Un nouvel ordre économique et un accès plus équitable aux ressources
La sécurité est indissociable du développement économique. Une partie des investissements échappe à l’Afrique en raison d’une perception exagérée des risques, qui entraîne l’exigence de rendements plus élevés, ce qui freine les investissements indispensables au développement. Il est impératif de repenser cette approche et de favoriser des investissements plus équitables, en réduisant cette perception du risque. Cela permettra à l’Afrique de libérer son potentiel, en attirant davantage de capitaux pour renforcer ses infrastructures et son développement.
Mais la transformation économique de l’Afrique doit s’accompagner d’une coopération plus juste avec les grandes puissances économiques. Les interdictions climatiques unilatérales pénalisent le continent dans sa transition énergétique, alors qu’elle devrait bénéficier de solutions adaptées à ses réalités. Diversifier les partenariats et faciliter l’accès au crédit pour le développement devient ainsi un enjeu majeur. Les pays du Nord doivent assumer leur part de responsabilité en facilitant des mécanismes de financement plus souples et moins contraignants.
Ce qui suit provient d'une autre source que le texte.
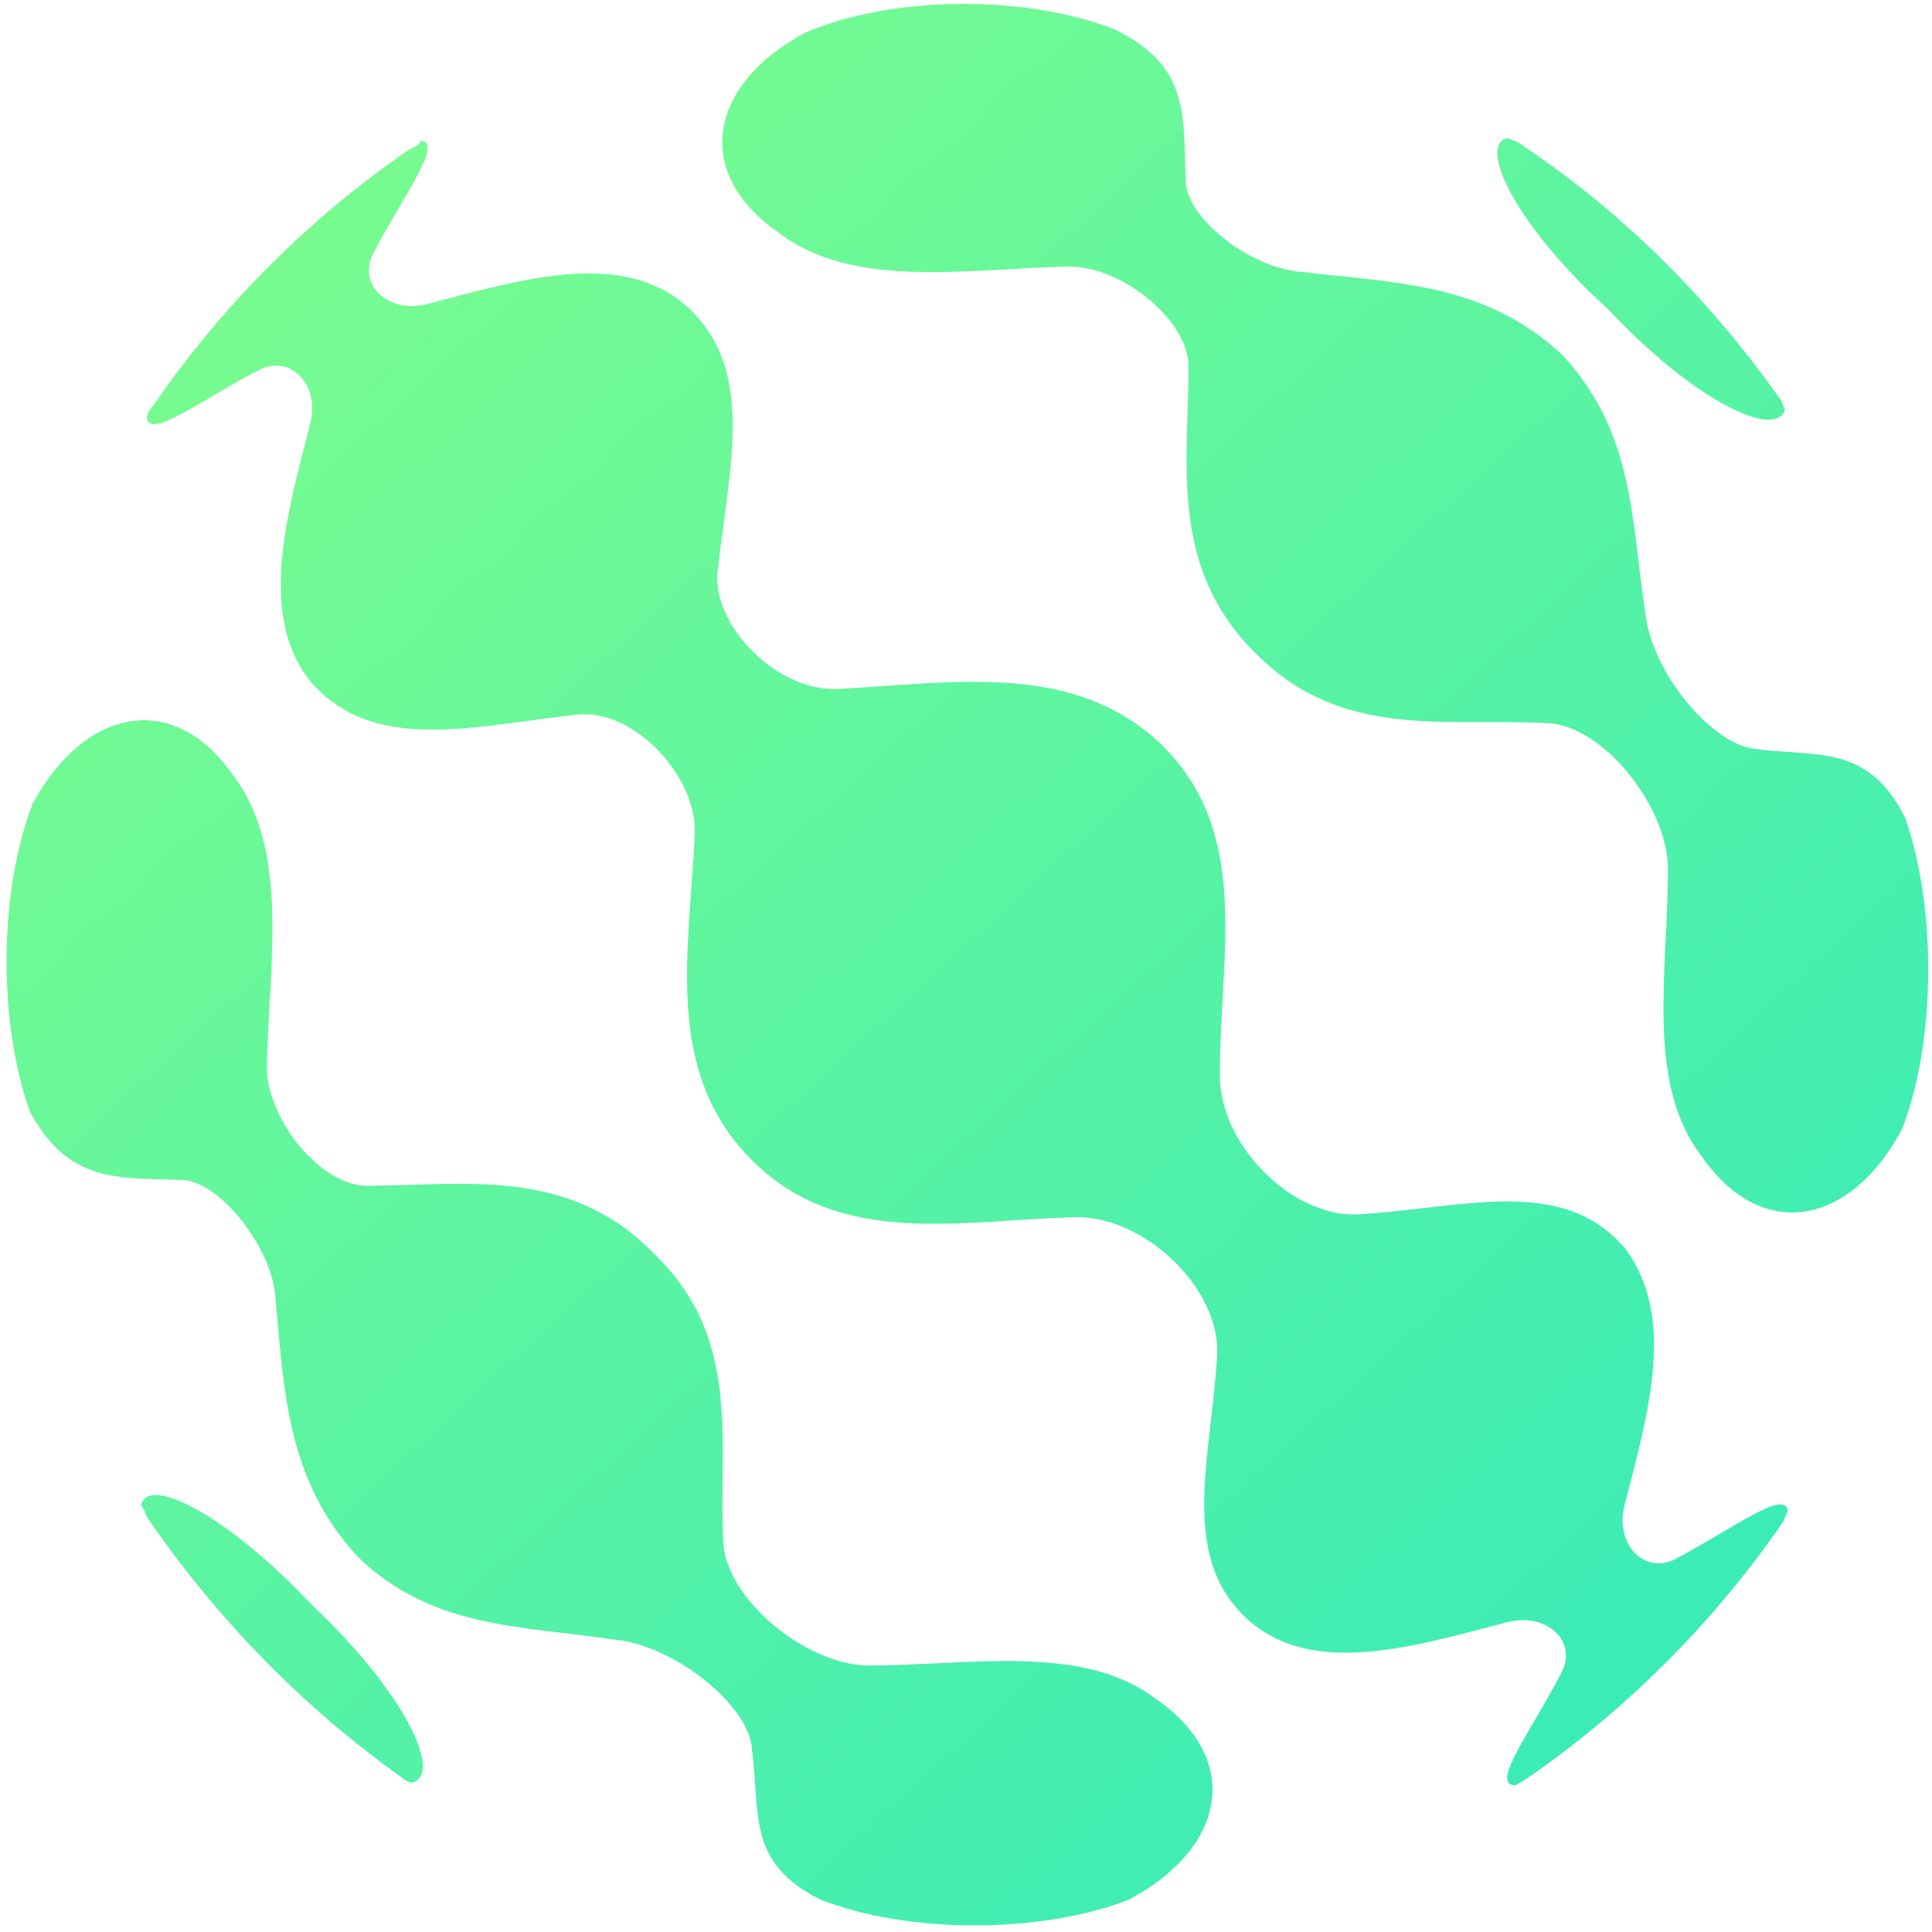 <svg width="60" height="60" viewBox="0 0 60 60" fill="none" xmlns="http://www.w3.org/2000/svg">
<path fill-rule="evenodd" clip-rule="evenodd" d="M34.603 0.906C37.005 2.064 36.737 3.663 36.824 5.615C36.824 6.763 38.862 8.362 40.46 8.448C43.475 8.802 46.126 8.802 48.519 11.022C50.739 13.415 50.653 16.075 51.093 19.004C51.275 20.86 53.132 23.081 54.462 23.253C56.414 23.521 58.003 23.081 59.161 25.387C60.137 28.134 60.137 32.306 59.075 35.053C57.476 38.068 54.73 38.594 52.864 35.934C51.093 33.637 51.801 30.258 51.801 26.89C51.715 24.947 49.763 22.545 48.078 22.459C44.978 22.286 41.695 22.994 39.044 20.334C36.288 17.673 36.91 14.391 36.91 11.376C36.91 9.96 34.871 8.275 33.187 8.275C29.914 8.362 26.449 8.984 24.153 7.204C21.492 5.347 22.018 2.6 25.033 1.002C27.78 -0.156 31.857 -0.156 34.603 0.906ZM13.07 4.371C13.778 4.457 12.534 6.055 11.568 7.912C11.118 8.888 12.094 9.778 13.338 9.424C16.085 8.716 19.186 7.739 21.224 9.424C23.53 11.376 22.64 14.477 22.286 17.76C22.114 19.444 24.153 21.482 26.009 21.396C29.646 21.214 33.369 20.506 36.115 23.167C38.862 25.913 37.886 29.646 37.886 33.283C37.8 35.493 40.106 37.8 42.145 37.714C45.418 37.532 48.519 36.469 50.471 38.776C52.069 40.901 51.179 43.915 50.471 46.672C50.117 47.906 51.007 48.882 51.983 48.442C53.84 47.466 55.438 46.222 55.524 46.93C55.438 47.026 55.438 47.198 55.352 47.294C53.218 50.394 50.471 53.141 47.37 55.266C47.198 55.361 47.102 55.447 47.016 55.447C46.308 55.361 47.552 53.763 48.519 51.897C48.968 50.921 47.992 50.04 46.748 50.394C44.001 51.102 40.901 52.079 38.862 50.394C36.556 48.442 37.618 45.341 37.8 42.059C37.886 40.02 35.58 37.8 33.455 37.8C29.818 37.886 26.095 38.776 23.349 36.029C20.602 33.283 21.406 29.55 21.578 25.913C21.664 24.143 19.721 22.018 17.941 22.191C14.668 22.545 11.568 23.435 9.615 21.128C8.017 19.09 8.907 15.989 9.615 13.233C9.969 11.998 9.079 11.022 8.103 11.462C6.333 12.352 4.648 13.683 4.562 12.974C4.562 12.879 4.648 12.706 4.744 12.62C6.869 9.51 9.615 6.763 12.716 4.639C12.898 4.543 12.984 4.543 13.07 4.371ZM0.925 34.517C-0.051 31.77 -0.051 27.694 1.021 24.947C2.61 22.018 5.356 21.396 7.223 24.057C8.993 26.363 8.371 29.818 8.285 33.101C8.285 34.785 9.969 36.824 11.386 36.824C14.4 36.824 17.683 36.202 20.334 38.958C23.09 41.609 22.286 44.891 22.468 48.002C22.64 49.686 24.947 51.639 26.899 51.725C30.172 51.725 33.637 51.016 35.934 52.787C38.594 54.653 38.068 57.4 35.053 58.998C32.306 60.06 28.23 60.06 25.483 58.998C23.176 57.84 23.617 56.337 23.349 54.299C23.262 52.969 20.956 51.102 19.099 50.921C16.085 50.48 13.424 50.567 11.118 48.356C8.907 45.963 8.821 43.207 8.553 40.288C8.457 38.776 6.869 36.737 5.711 36.651C3.768 36.556 2.17 36.824 0.925 34.517ZM55.438 12.706C55.17 13.683 52.596 12.438 49.945 9.606C47.016 6.945 45.868 4.457 46.834 4.285C46.93 4.371 47.102 4.371 47.198 4.457C50.385 6.581 53.045 9.242 55.256 12.352C55.352 12.438 55.352 12.62 55.438 12.706ZM4.38 46.758C4.562 45.781 7.041 47.026 9.701 49.858C12.534 52.519 13.778 55.093 12.802 55.361C12.716 55.361 12.534 55.266 12.448 55.179C9.347 52.969 6.687 50.212 4.562 47.112C4.476 46.93 4.476 46.844 4.38 46.758Z" fill="url(#paint0_linear_44_25)"/>
<defs>
<linearGradient id="paint0_linear_44_25" x1="2.782" y1="0.124" x2="57.305" y2="59.792" gradientUnits="userSpaceOnUse">
<stop stop-color="#81FE89"/>
<stop offset="1" stop-color="#31E9BD"/>
</linearGradient>
</defs>
</svg>

Un multilatéralisme à la hauteur des enjeux actuels
Le multilatéralisme, tel qu’il est pratiqué aujourd’hui, est devenu inadéquat pour répondre aux défis contemporains. L’ONU, en particulier, est critiquée pour son incapacité à intégrer l’Afrique de manière significative dans les prises de décisions globales. Le continent, qui représente plus d’un milliard de personnes, mérite un siège permanent au Conseil de sécurité des Nations Unies, et sa participation doit être élargie au sein des forums internationaux comme le G20, qui l’a récemment intégré dans le G21. Ce changement, bien que positif, ne peut être qu’un premier pas vers une réforme plus profonde du système multilatéral.
L’érosion du multilatéralisme est notamment accentuée par les crises au Sahel, la compétition entre puissances et l’exode massif des jeunes Africains. Seule une gouvernance internationale plus inclusive, reflétant les réalités du 21e siècle, permettra de prévenir la fragmentation du système mondial et d’assurer une paix durable pour tous.
Vers une coopération Nord-Sud renforcée et respectueuse
Il est temps de réinventer la coopération Nord-Sud, non pas comme une relation de dépendance, mais comme un dialogue entre égaux, fondé sur le respect mutuel. La sécurité de l’Afrique n’est pas un problème qui lui est propre. En investissant dans une coopération sécuritaire adaptée aux réalités du continent, les pays du Nord œuvrent non seulement pour une Afrique plus stable, mais aussi pour un monde plus sûr.
L’émergence de l’Afrique dans un nouvel ordre international, par une meilleure représentation et un soutien sécuritaire accru, est une nécessité stratégique pour garantir un avenir commun. À l’heure où les crises se mondialisent, le continent doit être reconnue non pas comme un simple récipiendaire d’aide, mais comme un partenaire stratégique incontournable. Le temps est venu de bâtir, ensemble, un futur où la sécurité, le développement et la coopération définiront les relations entre le Nord et le Sud.